Anonymous2292900 · 2022-12-22

Hey there!

This topic interests me a lot, I use an editor called hope.js, which has this feature that you all are talking about in the html. hope.js is inspired by an idea by ted nelson (one of the forerunners of hypertext) - please, see this: source-code or live on

I would be happy if this idea here is a proposal - In part because there is a library that implements this feature, only the service work that uses the library would be missing

With hope.js - you can map the html according to a sequence of characters of beginning and end (It’s similar to git as you want, please see this example):

<textarea class="halfsize" id="markup">
0-43:h3
45-139:p
116-126:a href="http://en.wikipedia.org/wiki/Ted_Nelson"
1185-1191:em
</textarea>

Now it’s just a matter of creating a service worker with the hope.js library and transmitting the difference in the html changes.

It is not so complex to be done, because there is a library that implements the feature, the data security part maybe using md5 or sha1 is possible on the strings that are modified - (I’m not sure what i’m talking about, but it’s something I thought about now)

mnot · 2022-12-22

With git, you have a backing store that’s a ‘source of truth’ for all revisions of the document. Historically, that’s been uncommon on the general web.

So an important question here is whether this is a common enough pattern to make it part of the web (whether in HTML, as suggested, or HTTP, as might be more well-integrated), or whether it should remain something that you can do locally with javascript (etc.).

Personally, I’m interested in the idea of an updated delta-encoding spec for HTTP; this has come up a few times, and I suspect some – especially API folks – would benefit from it. We already have PATCH; one could look at this as doing PATCH in the other direction.

However, that doesn’t mean browsers will implement it; they have a pretty high bar for what they work on, and limited resources. That’s going to be the case whether it’s done in HTTP or HTML, however.

Anonymous2292900 · 2022-12-23

Hi mnot.

Network protocols such as IPFS, Hypercore, Bittorrent have content addressing, perhaps the proposal here allows for content addressing with HTML. Maybe… today this seems to be more common or no. (There are sites for example on IPFS, and things working with Hypercore and linux isos being shared with torrent. Somehow it’s all on the web - just not the html.)

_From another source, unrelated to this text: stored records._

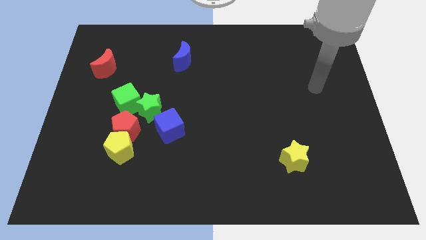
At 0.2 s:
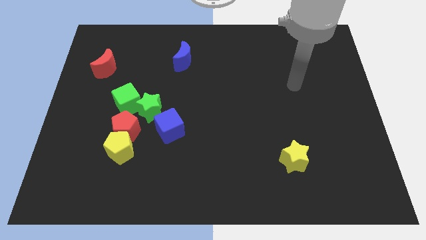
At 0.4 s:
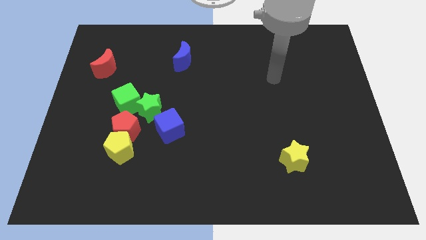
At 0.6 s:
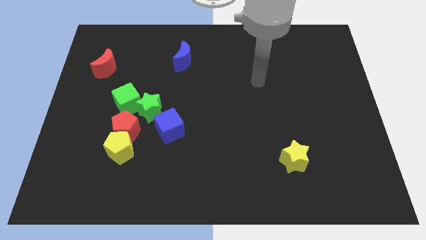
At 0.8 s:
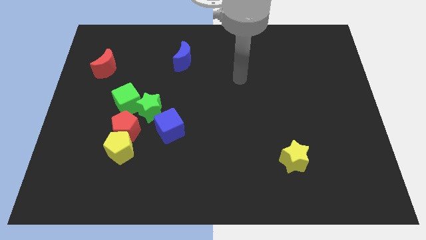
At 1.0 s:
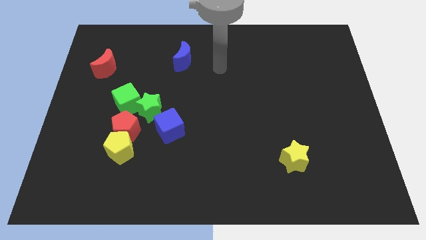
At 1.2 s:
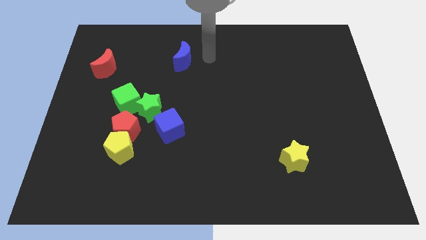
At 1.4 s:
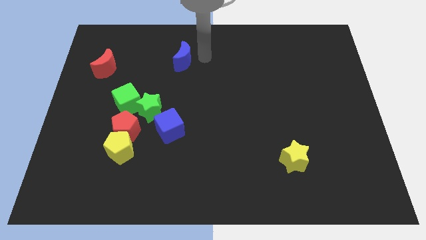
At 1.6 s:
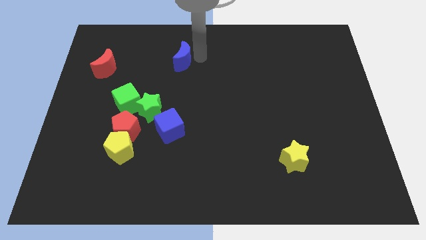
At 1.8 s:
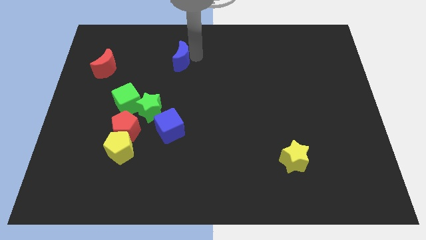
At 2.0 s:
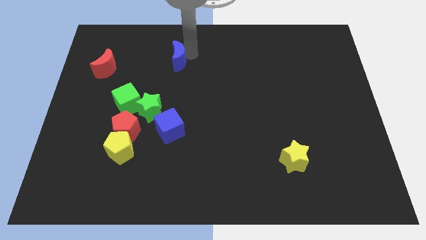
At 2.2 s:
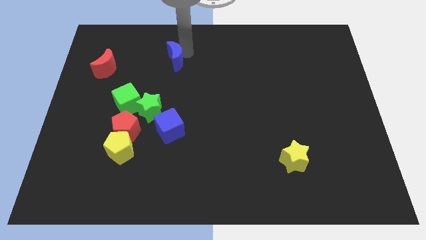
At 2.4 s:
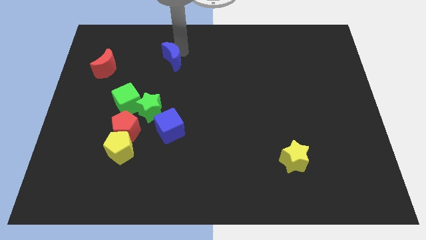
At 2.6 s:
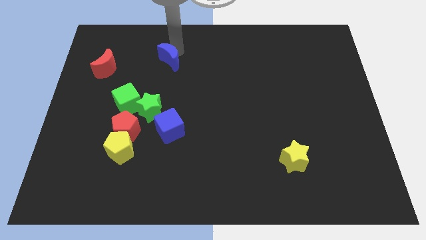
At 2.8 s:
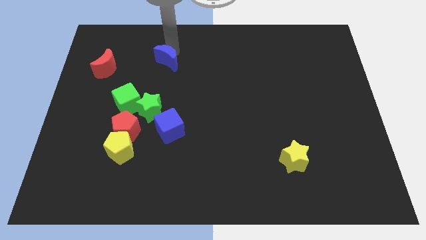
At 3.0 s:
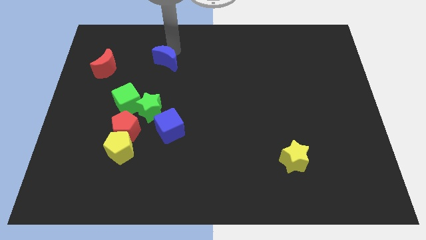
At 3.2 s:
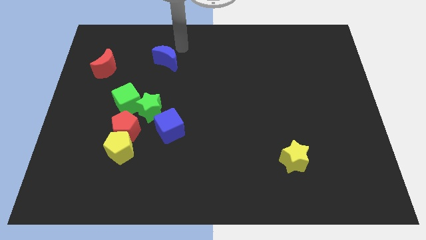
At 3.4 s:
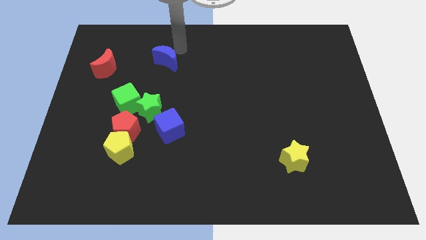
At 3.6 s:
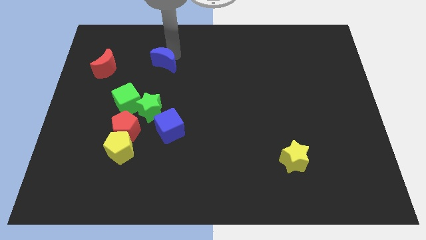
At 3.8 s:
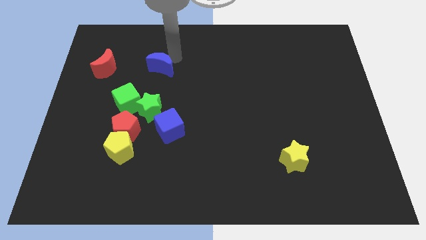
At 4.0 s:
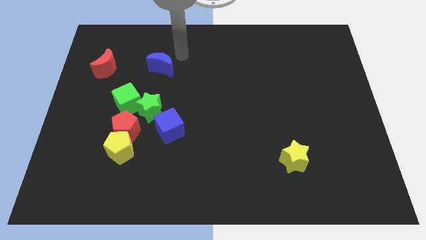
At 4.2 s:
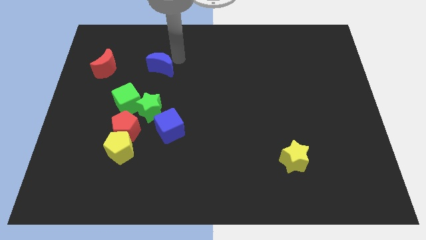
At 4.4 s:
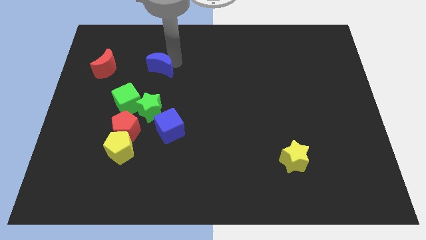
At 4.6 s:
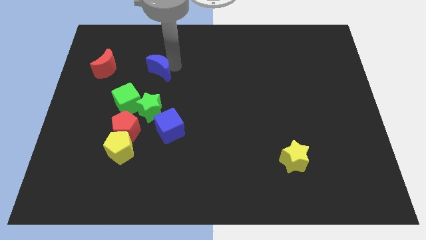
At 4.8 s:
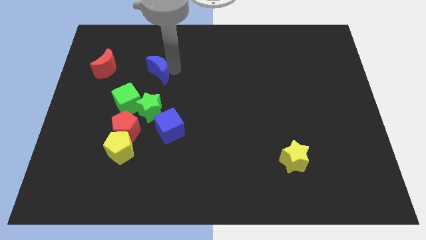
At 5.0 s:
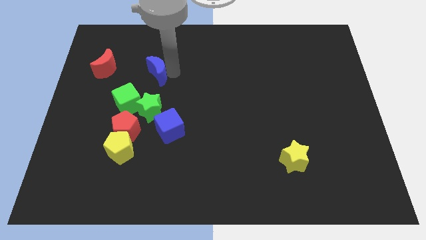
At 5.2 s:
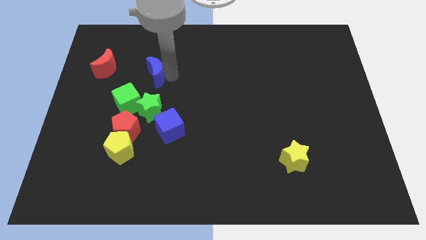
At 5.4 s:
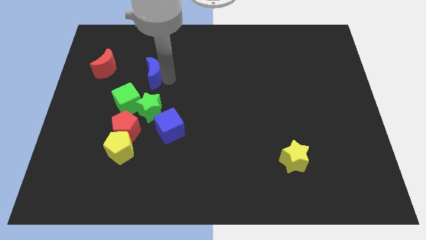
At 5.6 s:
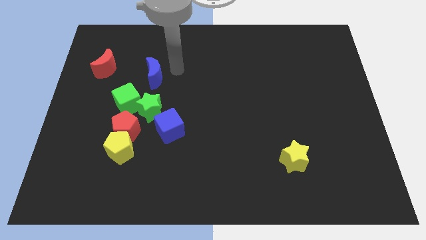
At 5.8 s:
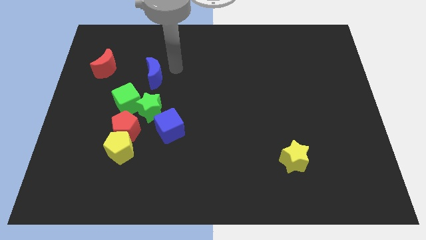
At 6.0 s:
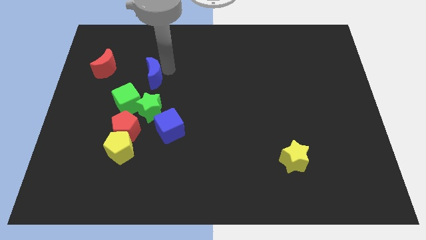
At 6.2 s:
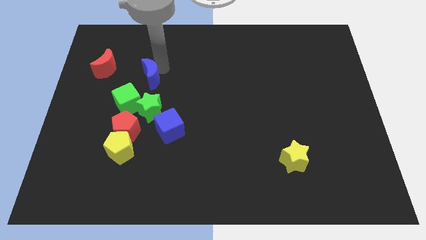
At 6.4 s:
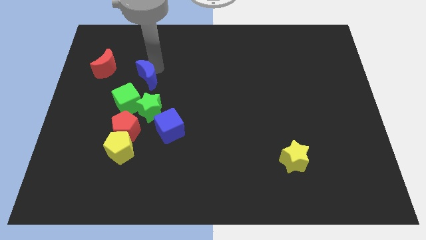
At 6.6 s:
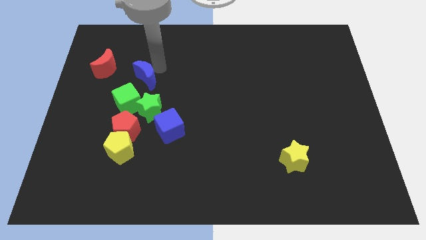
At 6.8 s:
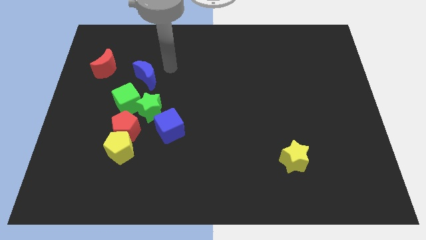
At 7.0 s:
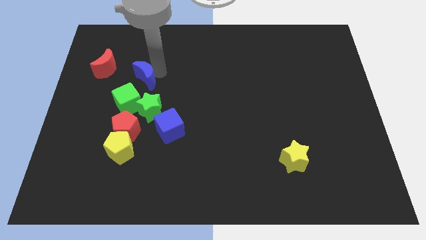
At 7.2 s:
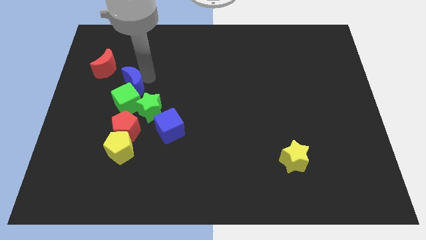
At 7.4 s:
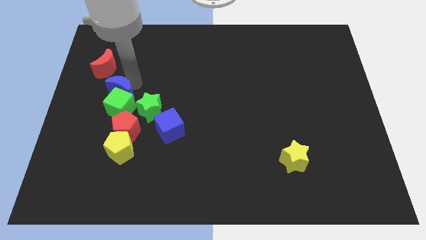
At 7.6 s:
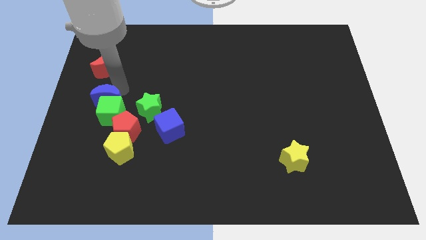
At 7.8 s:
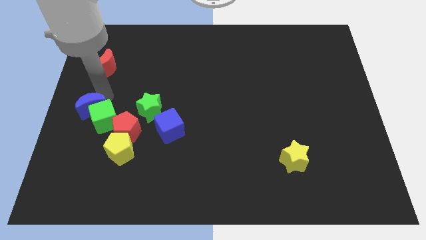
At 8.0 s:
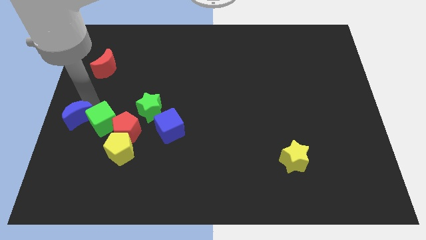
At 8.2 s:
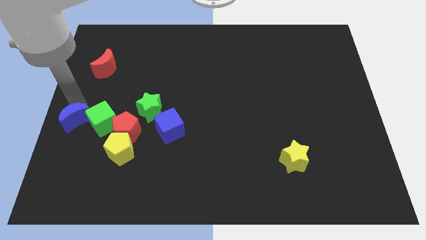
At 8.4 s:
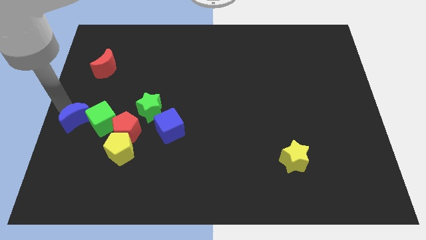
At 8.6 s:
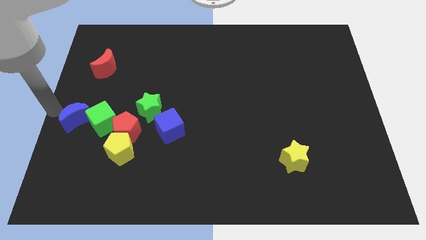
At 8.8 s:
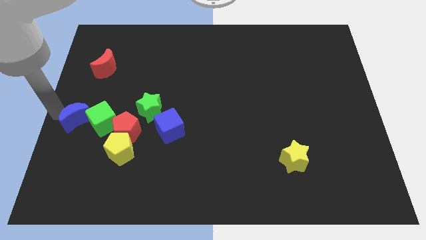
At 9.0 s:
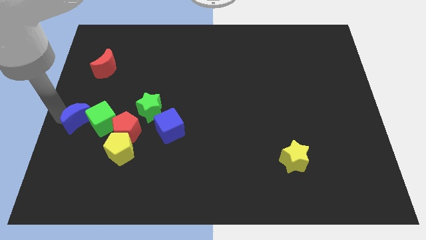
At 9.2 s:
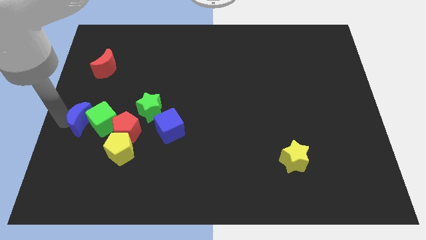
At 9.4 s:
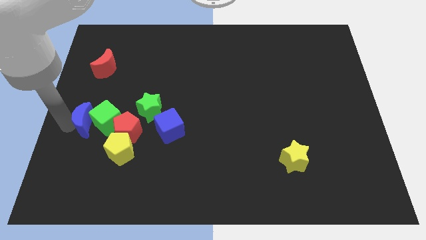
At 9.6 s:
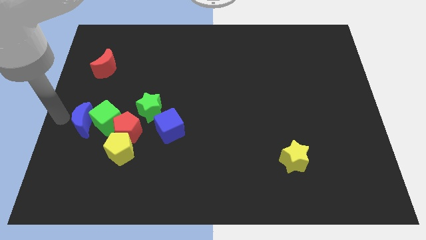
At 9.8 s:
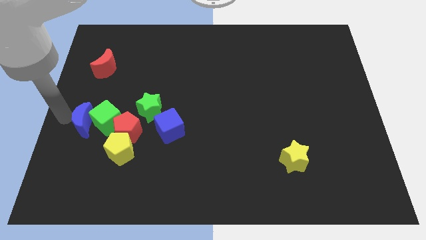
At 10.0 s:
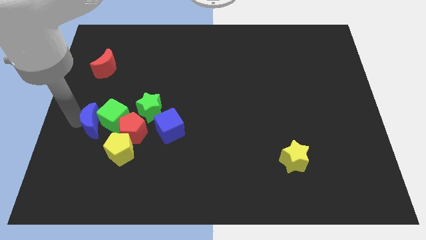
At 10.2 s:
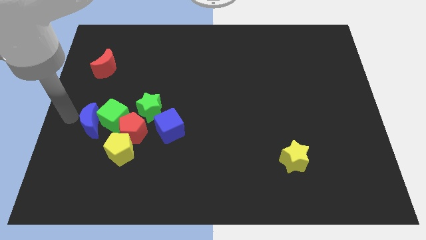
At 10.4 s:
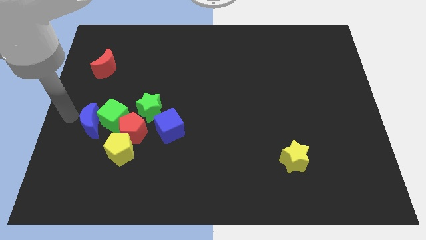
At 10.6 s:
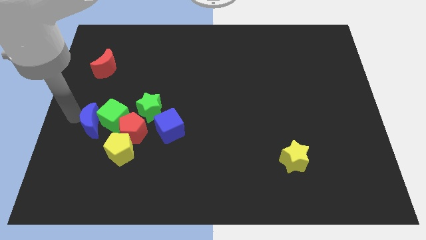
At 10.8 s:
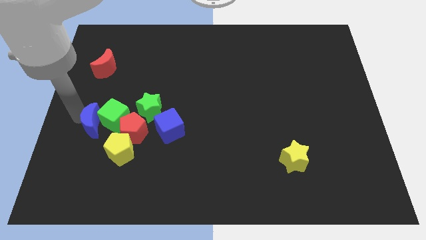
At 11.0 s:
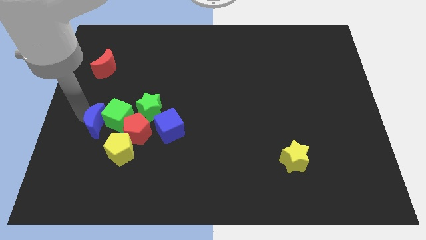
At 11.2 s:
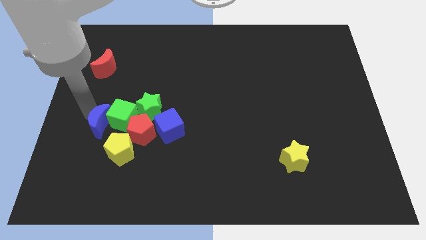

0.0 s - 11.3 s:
put the blue moon left of the blue cube

There is an interesting proposal to transform html into hypertext: extending-html-as-a-hypermedia. Maybe this proposal makes sense: Diff chunks in html file format + extending-html-as-a-hypermedia and Alternative to WebPackages to gurantee integrity (Document Hash)

(input) with diff and htmx and md5:

<div hx-get="/clicked" hx-trigger="click" diff="3f5d70219e8a2828c12572e2a48ac1d6">Click Me</div>

(input) with diff and htmx:

<div hx-get="/clicked" hx-trigger="click" diff="45-139:p">Click Me</div>

(output) with diff and htmx and md5:

<div hx-get="/clicked" hx-trigger="click"><p>Click Me again</p></div>

(output) with diff and htmx:

<div hx-get="/clicked" hx-trigger="click"><p>Click Me again</p></div>

Can I make a get or post call here in hx-get to capture the modified information from diff

suns · 2022-12-23

While the partial resource delivery is on HTTP protocol side, the abilities to decide should the resource retrieval use chunk or whole GET reside on browser side.

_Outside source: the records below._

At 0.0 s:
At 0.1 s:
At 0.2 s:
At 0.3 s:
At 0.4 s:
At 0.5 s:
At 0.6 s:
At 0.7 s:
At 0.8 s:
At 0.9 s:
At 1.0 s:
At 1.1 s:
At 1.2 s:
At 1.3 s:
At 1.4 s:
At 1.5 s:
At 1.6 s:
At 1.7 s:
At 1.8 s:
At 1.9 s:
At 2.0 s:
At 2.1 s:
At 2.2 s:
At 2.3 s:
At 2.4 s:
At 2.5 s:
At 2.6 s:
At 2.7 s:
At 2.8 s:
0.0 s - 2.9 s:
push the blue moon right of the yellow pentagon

Browser has sufficient info on what props cached resource has: its checksum, deployment date, etc. Browser can sniff whether resource been changed and during this OPTIONS call can provide its latest available state. The server side would provide whether patch for cached version exist. This flow fits into server-client communication layer. I.e. HTTP.

If you want this proposal be implemented, it has to go to HTTP group first.

Note, the resource is abstract, it is not just HTML. It can be JS, image, web archive or whatever.

Anonymous2292900 · 2023-01-16

Hey there!

I would like to contribute to this proposal with relevant links, there are things like I spoke of as hope.js.

So I was discovering these two implementations of git on the web: webdiff and isomorphic-git.

So please see this (webdiff):

So would that be something relevant to what you’re all talking about, thinking about - like isomorphic-git, hope.js or webdiff here?